Der Senat folgt dem Sachverständigen Dr. M auch insoweit, dass die PTBS-Symptomatik nicht durch konkurrierende Ursachen ausgelöst wurde. Entsprechende Zweifel des Senats hat Dr. M ebenfalls mit seiner ergänzenden Stellungnahme vom 01. Juni 2023 ausgeräumt. Er hat zur Frage der Wesentlichkeit der Verursachung ausgeführt, dass die vom Kläger empfundene fehlende Anerkennung des Unfallereignisses, insbesondere durch seinen Arbeitgeber, die Vorgesetzten und die gesetzliche Unfallversicherung, für die Entstehung der PTBS-Symptomatik nicht als konkurrierender Faktor zu betrachten sei.

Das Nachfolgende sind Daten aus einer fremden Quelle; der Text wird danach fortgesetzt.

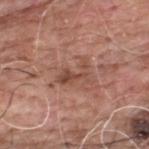Notes:
• biopsy status · imaged on a skin check; not biopsied
• subject · male, aged around 60
• lighting · white-light
• size · ≈4 mm
• image-analysis metrics · a shape eccentricity near 0.85 and a symmetry-axis asymmetry near 0.5
• anatomic site · the upper back
• imaging modality · total-body-photography crop, ~15 mm field of view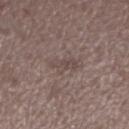Imaged during a routine full-body skin examination; the lesion was not biopsied and no histopathology is available.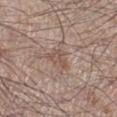<case>
  <biopsy_status>not biopsied; imaged during a skin examination</biopsy_status>
  <patient>
    <sex>male</sex>
    <age_approx>55</age_approx>
  </patient>
  <site>right lower leg</site>
  <image>
    <source>total-body photography crop</source>
    <field_of_view_mm>15</field_of_view_mm>
  </image>
</case>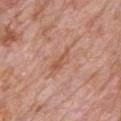This lesion was catalogued during total-body skin photography and was not selected for biopsy. The lesion is on the chest. A lesion tile, about 15 mm wide, cut from a 3D total-body photograph. The subject is a male aged 78–82.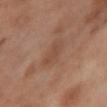<lesion>
  <biopsy_status>not biopsied; imaged during a skin examination</biopsy_status>
  <site>right thigh</site>
  <patient>
    <sex>female</sex>
    <age_approx>55</age_approx>
  </patient>
  <image>
    <source>total-body photography crop</source>
    <field_of_view_mm>15</field_of_view_mm>
  </image>
  <automated_metrics>
    <border_irregularity_0_10>2.5</border_irregularity_0_10>
    <color_variation_0_10>1.5</color_variation_0_10>
    <peripheral_color_asymmetry>0.5</peripheral_color_asymmetry>
  </automated_metrics>
</lesion>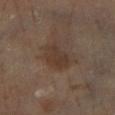This lesion was catalogued during total-body skin photography and was not selected for biopsy.
The tile uses cross-polarized illumination.
Cropped from a total-body skin-imaging series; the visible field is about 15 mm.
A male subject aged approximately 65.
The lesion-visualizer software estimated roughly 7 lightness units darker than nearby skin. And it measured a within-lesion color-variation index near 2/10 and peripheral color asymmetry of about 0.5. The software also gave lesion-presence confidence of about 100/100.
The lesion is located on the left leg.
Measured at roughly 4.5 mm in maximum diameter.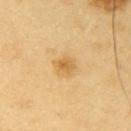follow-up: catalogued during a skin exam; not biopsied
illumination: cross-polarized illumination
subject: male, aged around 60
imaging modality: 15 mm crop, total-body photography
site: the right upper arm
image-analysis metrics: an average lesion color of about L≈63 a*≈17 b*≈45 (CIELAB), about 9 CIELAB-L* units darker than the surrounding skin, and a normalized lesion–skin contrast near 6.5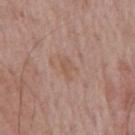Findings:
- notes · imaged on a skin check; not biopsied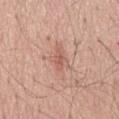follow-up = catalogued during a skin exam; not biopsied
patient = male, aged 63 to 67
lighting = white-light
site = the mid back
acquisition = 15 mm crop, total-body photography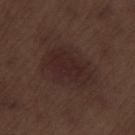  biopsy_status: not biopsied; imaged during a skin examination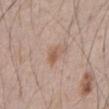| field | value |
|---|---|
| notes | no biopsy performed (imaged during a skin exam) |
| anatomic site | the chest |
| image source | 15 mm crop, total-body photography |
| subject | male, aged approximately 65 |
| lighting | white-light illumination |
| lesion diameter | about 2.5 mm |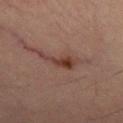follow-up: total-body-photography surveillance lesion; no biopsy
acquisition: 15 mm crop, total-body photography
size: ~5 mm (longest diameter)
image-analysis metrics: an area of roughly 6.5 mm² and an eccentricity of roughly 0.9; border irregularity of about 6.5 on a 0–10 scale and internal color variation of about 4.5 on a 0–10 scale; a classifier nevus-likeness of about 80/100 and lesion-presence confidence of about 100/100
location: the right thigh
illumination: cross-polarized
subject: female, about 70 years old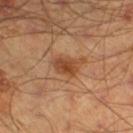Recorded during total-body skin imaging; not selected for excision or biopsy.
Located on the left lower leg.
A male patient roughly 45 years of age.
Approximately 3 mm at its widest.
This is a cross-polarized tile.
This image is a 15 mm lesion crop taken from a total-body photograph.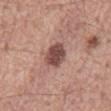Case summary:
– biopsy status: imaged on a skin check; not biopsied
– site: the back
– illumination: white-light illumination
– imaging modality: total-body-photography crop, ~15 mm field of view
– subject: male, aged approximately 55
– diameter: about 4 mm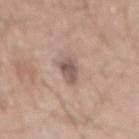Impression: No biopsy was performed on this lesion — it was imaged during a full skin examination and was not determined to be concerning.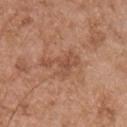workup: total-body-photography surveillance lesion; no biopsy
patient: male, aged 73 to 77
acquisition: ~15 mm tile from a whole-body skin photo
body site: the right upper arm
diameter: about 4.5 mm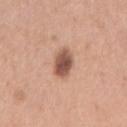<lesion>
<biopsy_status>not biopsied; imaged during a skin examination</biopsy_status>
<automated_metrics>
  <area_mm2_approx>7.5</area_mm2_approx>
  <eccentricity>0.8</eccentricity>
  <cielab_L>54</cielab_L>
  <cielab_a>22</cielab_a>
  <cielab_b>28</cielab_b>
  <nevus_likeness_0_100>95</nevus_likeness_0_100>
  <lesion_detection_confidence_0_100>100</lesion_detection_confidence_0_100>
</automated_metrics>
<site>right upper arm</site>
<patient>
  <sex>female</sex>
  <age_approx>55</age_approx>
</patient>
<image>
  <source>total-body photography crop</source>
  <field_of_view_mm>15</field_of_view_mm>
</image>
</lesion>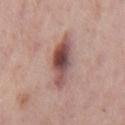Imaged during a routine full-body skin examination; the lesion was not biopsied and no histopathology is available. A lesion tile, about 15 mm wide, cut from a 3D total-body photograph. The tile uses white-light illumination. A male subject roughly 75 years of age. On the mid back. About 5.5 mm across.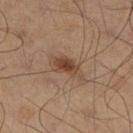| field | value |
|---|---|
| notes | no biopsy performed (imaged during a skin exam) |
| acquisition | total-body-photography crop, ~15 mm field of view |
| patient | male, about 50 years old |
| location | the left leg |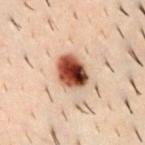The lesion was tiled from a total-body skin photograph and was not biopsied. The lesion is located on the chest. The patient is a male in their 30s. Captured under cross-polarized illumination. A close-up tile cropped from a whole-body skin photograph, about 15 mm across.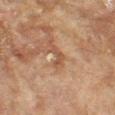{
  "biopsy_status": "not biopsied; imaged during a skin examination",
  "automated_metrics": {
    "border_irregularity_0_10": 6.5,
    "color_variation_0_10": 0.0,
    "peripheral_color_asymmetry": 0.0,
    "nevus_likeness_0_100": 0,
    "lesion_detection_confidence_0_100": 80
  },
  "lighting": "cross-polarized",
  "patient": {
    "sex": "female",
    "age_approx": 80
  },
  "image": {
    "source": "total-body photography crop",
    "field_of_view_mm": 15
  },
  "site": "left forearm"
}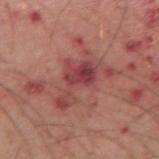Assessment:
Imaged during a routine full-body skin examination; the lesion was not biopsied and no histopathology is available.
Context:
The lesion is located on the right upper arm. An algorithmic analysis of the crop reported a lesion area of about 13 mm² and a shape-asymmetry score of about 0.65 (0 = symmetric). The lesion's longest dimension is about 7 mm. Cropped from a whole-body photographic skin survey; the tile spans about 15 mm. A male subject in their 50s.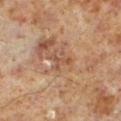Recorded during total-body skin imaging; not selected for excision or biopsy. The lesion-visualizer software estimated a lesion color around L≈48 a*≈20 b*≈30 in CIELAB, roughly 8 lightness units darker than nearby skin, and a normalized border contrast of about 6. The software also gave a border-irregularity index near 8/10 and a within-lesion color-variation index near 0/10. The software also gave a classifier nevus-likeness of about 0/100 and a lesion-detection confidence of about 85/100. The lesion is located on the leg. The subject is a male aged 58 to 62. The tile uses cross-polarized illumination. A 15 mm crop from a total-body photograph taken for skin-cancer surveillance. Longest diameter approximately 3 mm.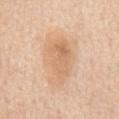Q: Was this lesion biopsied?
A: imaged on a skin check; not biopsied
Q: How was this image acquired?
A: 15 mm crop, total-body photography
Q: Patient demographics?
A: female, in their mid-60s
Q: Lesion location?
A: the mid back
Q: What lighting was used for the tile?
A: white-light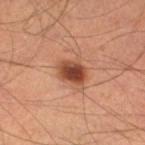Assessment: Captured during whole-body skin photography for melanoma surveillance; the lesion was not biopsied. Clinical summary: Cropped from a total-body skin-imaging series; the visible field is about 15 mm. The subject is a male in their mid-30s. On the right leg.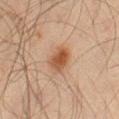Captured during whole-body skin photography for melanoma surveillance; the lesion was not biopsied. This is a cross-polarized tile. Cropped from a total-body skin-imaging series; the visible field is about 15 mm. From the right thigh. The lesion's longest dimension is about 3.5 mm. The patient is a male about 45 years old.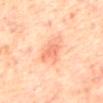Captured during whole-body skin photography for melanoma surveillance; the lesion was not biopsied.
Imaged with cross-polarized lighting.
Approximately 4 mm at its widest.
The subject is a male about 70 years old.
On the mid back.
A 15 mm close-up tile from a total-body photography series done for melanoma screening.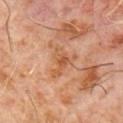Notes:
- notes · catalogued during a skin exam; not biopsied
- anatomic site · the chest
- illumination · cross-polarized
- TBP lesion metrics · a lesion color around L≈52 a*≈23 b*≈35 in CIELAB and about 7 CIELAB-L* units darker than the surrounding skin; a classifier nevus-likeness of about 0/100 and lesion-presence confidence of about 100/100
- patient · male, aged 58–62
- acquisition · 15 mm crop, total-body photography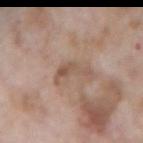Notes:
– notes: catalogued during a skin exam; not biopsied
– patient: male, approximately 60 years of age
– lighting: white-light illumination
– lesion diameter: ≈4.5 mm
– imaging modality: ~15 mm crop, total-body skin-cancer survey
– site: the left forearm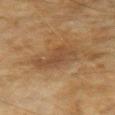{"biopsy_status": "not biopsied; imaged during a skin examination", "patient": {"sex": "female", "age_approx": 60}, "lighting": "cross-polarized", "site": "arm", "image": {"source": "total-body photography crop", "field_of_view_mm": 15}, "lesion_size": {"long_diameter_mm_approx": 4.5}}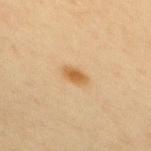workup = total-body-photography surveillance lesion; no biopsy | tile lighting = cross-polarized | acquisition = ~15 mm tile from a whole-body skin photo | body site = the upper back | TBP lesion metrics = a border-irregularity rating of about 1.5/10, a color-variation rating of about 1.5/10, and radial color variation of about 0.5; an automated nevus-likeness rating near 95 out of 100 and a detector confidence of about 100 out of 100 that the crop contains a lesion | patient = female, roughly 45 years of age.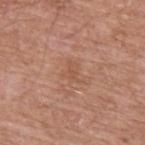Imaged during a routine full-body skin examination; the lesion was not biopsied and no histopathology is available. A male subject, aged approximately 60. The tile uses white-light illumination. The recorded lesion diameter is about 2.5 mm. The lesion-visualizer software estimated an average lesion color of about L≈53 a*≈23 b*≈32 (CIELAB). The analysis additionally found an automated nevus-likeness rating near 0 out of 100 and a detector confidence of about 100 out of 100 that the crop contains a lesion. On the left upper arm. A 15 mm close-up extracted from a 3D total-body photography capture.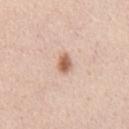  biopsy_status: not biopsied; imaged during a skin examination
  site: chest
  lesion_size:
    long_diameter_mm_approx: 2.5
  lighting: white-light
  patient:
    sex: male
    age_approx: 45
  image:
    source: total-body photography crop
    field_of_view_mm: 15
  automated_metrics:
    nevus_likeness_0_100: 95
    lesion_detection_confidence_0_100: 100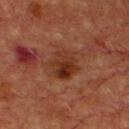- anatomic site: the chest
- tile lighting: cross-polarized
- patient: male, aged 63 to 67
- image: ~15 mm crop, total-body skin-cancer survey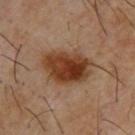biopsy status: imaged on a skin check; not biopsied
acquisition: ~15 mm crop, total-body skin-cancer survey
illumination: cross-polarized
patient: male, roughly 65 years of age
location: the upper back
lesion diameter: ≈6 mm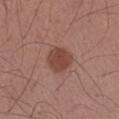Q: Is there a histopathology result?
A: imaged on a skin check; not biopsied
Q: What is the anatomic site?
A: the left forearm
Q: What are the patient's age and sex?
A: male, in their mid- to late 30s
Q: What is the imaging modality?
A: ~15 mm crop, total-body skin-cancer survey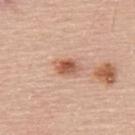{"site": "back", "lighting": "white-light", "automated_metrics": {"area_mm2_approx": 5.0, "eccentricity": 0.75, "shape_asymmetry": 0.25, "cielab_L": 58, "cielab_a": 24, "cielab_b": 31, "border_irregularity_0_10": 2.5, "color_variation_0_10": 6.0}, "image": {"source": "total-body photography crop", "field_of_view_mm": 15}, "lesion_size": {"long_diameter_mm_approx": 3.0}, "patient": {"sex": "male", "age_approx": 60}}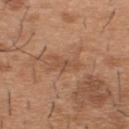Imaged with white-light lighting.
The lesion is located on the upper back.
A male patient aged around 40.
A close-up tile cropped from a whole-body skin photograph, about 15 mm across.
Automated image analysis of the tile measured a symmetry-axis asymmetry near 0.55. The analysis additionally found an average lesion color of about L≈50 a*≈21 b*≈32 (CIELAB), a lesion–skin lightness drop of about 6, and a lesion-to-skin contrast of about 4.5 (normalized; higher = more distinct).
About 3 mm across.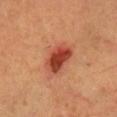Captured during whole-body skin photography for melanoma surveillance; the lesion was not biopsied. A female subject approximately 45 years of age. On the left leg. The total-body-photography lesion software estimated a footprint of about 9.5 mm², an outline eccentricity of about 0.8 (0 = round, 1 = elongated), and two-axis asymmetry of about 0.2. The analysis additionally found an average lesion color of about L≈46 a*≈33 b*≈35 (CIELAB) and roughly 14 lightness units darker than nearby skin. The software also gave a border-irregularity rating of about 2/10, a within-lesion color-variation index near 6.5/10, and a peripheral color-asymmetry measure near 2. The tile uses cross-polarized illumination. About 4.5 mm across. A lesion tile, about 15 mm wide, cut from a 3D total-body photograph.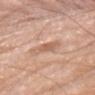Clinical summary:
An algorithmic analysis of the crop reported an outline eccentricity of about 0.65 (0 = round, 1 = elongated). It also reported an average lesion color of about L≈61 a*≈21 b*≈32 (CIELAB), a lesion–skin lightness drop of about 9, and a normalized border contrast of about 6. It also reported a border-irregularity rating of about 2.5/10, internal color variation of about 2.5 on a 0–10 scale, and radial color variation of about 1. The analysis additionally found a classifier nevus-likeness of about 0/100 and lesion-presence confidence of about 100/100. Measured at roughly 3 mm in maximum diameter. A male patient, approximately 80 years of age. From the right upper arm. Cropped from a whole-body photographic skin survey; the tile spans about 15 mm. The tile uses white-light illumination.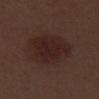follow-up: catalogued during a skin exam; not biopsied | subject: male, approximately 70 years of age | body site: the right thigh | lighting: white-light | acquisition: ~15 mm tile from a whole-body skin photo.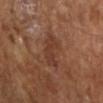biopsy_status: not biopsied; imaged during a skin examination
automated_metrics:
  area_mm2_approx: 6.5
  eccentricity: 0.85
  shape_asymmetry: 0.3
  vs_skin_darker_L: 6.0
  nevus_likeness_0_100: 0
  lesion_detection_confidence_0_100: 100
site: right forearm
patient:
  sex: female
  age_approx: 70
image:
  source: total-body photography crop
  field_of_view_mm: 15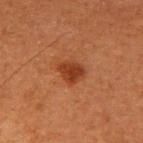biopsy status: no biopsy performed (imaged during a skin exam)
body site: the right upper arm
acquisition: ~15 mm crop, total-body skin-cancer survey
lighting: cross-polarized
lesion size: ≈3 mm
automated metrics: a lesion color around L≈32 a*≈24 b*≈31 in CIELAB, about 9 CIELAB-L* units darker than the surrounding skin, and a lesion-to-skin contrast of about 8.5 (normalized; higher = more distinct); a border-irregularity rating of about 2/10 and peripheral color asymmetry of about 0.5
subject: male, aged around 75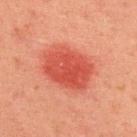No biopsy was performed on this lesion — it was imaged during a full skin examination and was not determined to be concerning. A roughly 15 mm field-of-view crop from a total-body skin photograph. On the upper back. A male patient, in their mid-40s.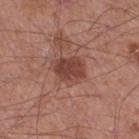No biopsy was performed on this lesion — it was imaged during a full skin examination and was not determined to be concerning.
Automated image analysis of the tile measured a lesion area of about 8.5 mm², a shape eccentricity near 0.65, and a shape-asymmetry score of about 0.2 (0 = symmetric). It also reported a border-irregularity rating of about 2/10, a within-lesion color-variation index near 3/10, and peripheral color asymmetry of about 1. The software also gave an automated nevus-likeness rating near 85 out of 100 and lesion-presence confidence of about 100/100.
The subject is a male aged 53–57.
On the right thigh.
Longest diameter approximately 3.5 mm.
Cropped from a whole-body photographic skin survey; the tile spans about 15 mm.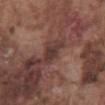* notes — catalogued during a skin exam; not biopsied
* lesion size — about 3.5 mm
* body site — the abdomen
* lighting — white-light
* automated lesion analysis — an area of roughly 5 mm², an outline eccentricity of about 0.8 (0 = round, 1 = elongated), and a symmetry-axis asymmetry near 0.35; a nevus-likeness score of about 0/100 and a detector confidence of about 70 out of 100 that the crop contains a lesion
* patient — male, aged approximately 75
* acquisition — 15 mm crop, total-body photography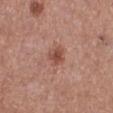Clinical impression:
This lesion was catalogued during total-body skin photography and was not selected for biopsy.
Image and clinical context:
The total-body-photography lesion software estimated a footprint of about 5 mm², a shape eccentricity near 0.35, and a symmetry-axis asymmetry near 0.3. And it measured an average lesion color of about L≈50 a*≈24 b*≈28 (CIELAB), roughly 9 lightness units darker than nearby skin, and a lesion-to-skin contrast of about 7 (normalized; higher = more distinct). The analysis additionally found radial color variation of about 1. The analysis additionally found a detector confidence of about 100 out of 100 that the crop contains a lesion. A female subject approximately 60 years of age. About 2.5 mm across. Located on the right lower leg. This is a white-light tile. Cropped from a whole-body photographic skin survey; the tile spans about 15 mm.

In der Literatur zu Traumafolgestörungen sei insoweit anerkannt, dass die Reaktion der Umwelt in ungünstiger Weise zu einer Konsolidierung der Symptomatik führen oder aber ein angemessener Umgang präventiv zur Vermeidung einer Chronifizierung beitragen könne. Eine Verursachung im Sinne eines konkurrierenden Faktors lässt sich daraus nicht ableiten. Entsprechendes gilt für die Erlebnisse während der Armeezeit und die Arbeitsunfähigkeit vom 26. April 2010, die von Dr. St aufgrund einer nicht näher bezeichneten somatoformen Störung im Zusammenhang mit der Scheidung von der Ehefrau für ca. zwei Wochen bescheinigt worden war. Dies sind keine Ereignisse, die im Sinne einer überragenden Bedeutung die wesentliche Verursachung der PTBS durch das Unfallereignis am 21. August 2012 auszuschließen vermögen. Auch insoweit folgt der Senat den Bewertungen der beiden gerichtlich beauftragten Sachverständigen Dr. B und Dr. M. Sie führen aus, dass sich psychopathologische Entwicklungen für Zeiten vor dem Unfall bei dem Kläger nicht feststellen ließen. Dies überzeugt den Senat, insbesondere vor dem Hintergrund, dass das Ereignis bei der Armeezeit weit über 30 Jahre zurücklag, Beschwerden oder Behandlungen hierzu nicht bekannt sind und die vom Kläger geschilderte Symptomatik mit Albträumen und Wiedererleben, keinen Bezug zu dem Suizid bei der Armeezeit aufweisen. Die Arbeitsunfähigkeit wegen der Scheidung stellte sich als singuläres Ereignis ohne weitere Behandlungsbedürftigkeit dar.

 

Die PTBS besteht derzeit aber beim Kläger nicht mehr. Nach den Ausführungen von Dr. B habe sich zum Zeitpunkt der von ihm vorgenommen Untersuchung am 21. Oktober 2017 auf psychiatrischem oder psychosomatischen Fachgebiet keine Beschwerdesymptomatik mehr feststellen lassen, die Ausdruck einer Erkrankung sei. Dr. M hat bei der Untersuchung des Klägers am 19. März 2021 ebenfalls keine Diagnosen auf psychiatrisch-neurologischem Fachgebiet stellen können. Die Fortdauer der Erkrankung wird vom Kläger auch nicht geltend gemacht. Bis zu welchem Zeitpunkt die Diagnose zu stellen war, ob und ggf. für welchen Zeitraum hieraus eine Arbeitsunfähigkeit oder Minderung der Erwerbsfähigkeit folgte, bedarf im vorliegenden Verfahren, das allein die Feststellung des Arbeitsunfalls und der PTBS als Unfallfolge betrifft, keiner Entscheidung.

 

Die Kostenentscheidung beruht auf § 193 SGG und folgt dem Ausgang des Verfahrens in der Sache. Der Kläger hat zwar voll obsiegt, soweit er die Verpflichtung der Beklagten zur Feststellung eines Arbeitsunfalls und des Vorliegens einer PTBS begehrt hat. Die Feststellung der PTBS ist aber insoweit beschränkt, dass sie zwischenzeitlich ausgeheilt ist. Daher liegt eine teilweise Berufungszurückweisung vor, die sich auch in der Kostenentscheidung wiederspiegelt.

 

Gründe für die Zulassung der Revision liegen nicht vor. Es besteht insbesondere keine entgegenstehende Rechtsprechung des BSG. Die Frage nach der Erforderlichkeit des Erstschadens lässt sich ohne weiteres aus der bisherigen Rechtsprechung zum Unfallversicherungsrecht herleiten.